The software and data here available are the result of a master thesis carried in collaboration between the FICLIT department of the University of Bologna and the research department FIZ - Information Service Engineering (ISE) of the Karlsruhe Institute of Technology (KIT). The thesis has been supervised by Prof. Aldo Gangemi and Prof. Silvio Peroni from the University of Bologna, and Prof. Harald Sack, Dr. Mehwish Alam and Genet Asefa Gesese from FIZ-ISE.

PyTorch implementation for our paper Learning Character-Agnostic Motion for Motion Retargeting in 2D, SIGGRAPH 2019

Learning Character-Agnostic Motion for Motion Retargeting in 2D We provide PyTorch implementation for our paper Learning Character-Agnostic Motion for

Rundi Wu 367 Dec 22, 2022
Relative Uncertainty Learning for Facial Expression Recognition

Relative Uncertainty Learning for Facial Expression Recognition The official implementation of the following paper at NeurIPS2021: Title: Relative Unc

35 Dec 28, 2022
PyTorch Implementation for "ForkGAN with SIngle Rainy NIght Images: Leveraging the RumiGAN to See into the Rainy Night"

ForkGAN with Single Rainy Night Images: Leveraging the RumiGAN to See into the Rainy Night By Seri Lee, Department of Engineering, Seoul National Univ

Seri Lee 52 Oct 12, 2022
Code for reproducing experiments in "Improved Training of Wasserstein GANs"

Improved Training of Wasserstein GANs Code for reproducing experiments in "Improved Training of Wasserstein GANs". Prerequisites Python, NumPy, Tensor

Ishaan Gulrajani 2.2k Jan 01, 2023
Python and C++ implementation of "MarkerPose: Robust real-time planar target tracking for accurate stereo pose estimation". Accepted at LXCV @ CVPR 2021.

MarkerPose: Robust real-time planar target tracking for accurate stereo pose estimation This is a PyTorch and LibTorch implementation of MarkerPose: a

Jhacson Meza 47 Nov 18, 2022
Subpopulation detection in high-dimensional single-cell data

PhenoGraph for Python3 PhenoGraph is a clustering method designed for high-dimensional single-cell data.
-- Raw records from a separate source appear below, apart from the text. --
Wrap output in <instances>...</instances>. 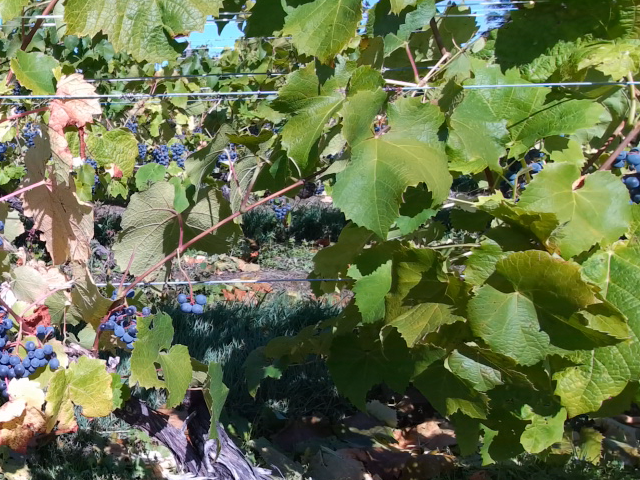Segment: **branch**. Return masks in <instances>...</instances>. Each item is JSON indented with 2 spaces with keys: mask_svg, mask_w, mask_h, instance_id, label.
Here are the masks:
<instances>
[{
  "mask_svg": "<svg viewBox=\"0 0 640 480\" xmlns=\"http://www.w3.org/2000/svg\"><path fill=\"white\" fill-rule=\"evenodd\" d=\"M326 170H328V166L323 167L322 169H320L319 171H317L316 173H313L307 177H305L304 179L298 180L297 182H293L291 184H289L286 188H284L281 191L278 192H274L272 194H269L257 201H255L254 203H252L251 205L236 210L233 213H231L226 219H224L223 221H221L220 223L214 225L213 227L205 230L204 232L195 235L192 239H190L188 242H186L185 244L175 248L174 250H172L171 252H169L167 255H165L163 258H161L156 264H154L153 266H151L149 269H147L146 271H144L142 273V275H139L138 278L132 283L131 286L125 288L124 290H122L120 292V294L118 295V297L116 298V300L109 306V310L113 311L118 305L119 303L122 301V299L125 297L126 294L130 293L133 289H135L138 286V283L140 281H143L146 279V277L148 275H150L151 273H153L155 270H157L159 267H161L164 263H166L170 258H172L173 256H175L176 254L186 250L187 248H189L191 245H193L194 243H196L198 240H202L204 237L214 233L215 231L223 228L225 225H227L228 223H230L234 218H236L238 215L247 213L252 211L253 209H255L256 207L260 206L263 203H266L267 201L280 197V196H284L285 194H287L289 191H291L292 189H294L297 186H301V183L303 182H307L308 180L318 176L319 174L325 172Z\"/></svg>",
  "mask_w": 640,
  "mask_h": 480,
  "instance_id": "obj_1",
  "label": "branch"
},
{
  "mask_svg": "<svg viewBox=\"0 0 640 480\" xmlns=\"http://www.w3.org/2000/svg\"><path fill=\"white\" fill-rule=\"evenodd\" d=\"M630 120H631V117L629 115H626L618 122V124L615 126L610 136L608 137V139L597 150H595L591 154V156L587 159V161L581 167V171L583 173H586L590 169L594 161L613 144V142L616 140L617 136L619 135L620 131Z\"/></svg>",
  "mask_w": 640,
  "mask_h": 480,
  "instance_id": "obj_2",
  "label": "branch"
},
{
  "mask_svg": "<svg viewBox=\"0 0 640 480\" xmlns=\"http://www.w3.org/2000/svg\"><path fill=\"white\" fill-rule=\"evenodd\" d=\"M640 134V121H637L634 126L630 129L625 139L622 141V144L616 148L604 161L603 168L608 170L612 164V162L617 158V156L623 151L626 150L627 147L636 139V137Z\"/></svg>",
  "mask_w": 640,
  "mask_h": 480,
  "instance_id": "obj_3",
  "label": "branch"
},
{
  "mask_svg": "<svg viewBox=\"0 0 640 480\" xmlns=\"http://www.w3.org/2000/svg\"><path fill=\"white\" fill-rule=\"evenodd\" d=\"M430 27H431L433 36H434L435 41H436V46H437L438 52L442 56L443 60L445 62H448L450 60V56H449L448 52L446 51V49L444 47L443 39H442V36L440 34L436 18L432 17L430 19Z\"/></svg>",
  "mask_w": 640,
  "mask_h": 480,
  "instance_id": "obj_4",
  "label": "branch"
},
{
  "mask_svg": "<svg viewBox=\"0 0 640 480\" xmlns=\"http://www.w3.org/2000/svg\"><path fill=\"white\" fill-rule=\"evenodd\" d=\"M0 308L6 315L11 317L18 324V326L26 335H29L32 332V329L27 326L24 320L16 312L8 307L3 299H0Z\"/></svg>",
  "mask_w": 640,
  "mask_h": 480,
  "instance_id": "obj_5",
  "label": "branch"
},
{
  "mask_svg": "<svg viewBox=\"0 0 640 480\" xmlns=\"http://www.w3.org/2000/svg\"><path fill=\"white\" fill-rule=\"evenodd\" d=\"M44 22L43 19H37L35 21V25L33 26V28L28 32L27 36L24 38V40L22 41V46L21 49L25 50L27 48V45L30 44L31 42V38L33 37V35L38 31V29L41 26V23Z\"/></svg>",
  "mask_w": 640,
  "mask_h": 480,
  "instance_id": "obj_6",
  "label": "branch"
}]
</instances>

It works by creating a graph ("network") repr

Dana Pe'er Lab 42 Sep 05, 2022
A framework that constructs deep neural networks, autoencoders, logistic regressors, and linear networks

A framework that constructs deep neural networks, autoencoders, logistic regressors, and linear networks without the use of any outside machine learning libraries - all from scratch.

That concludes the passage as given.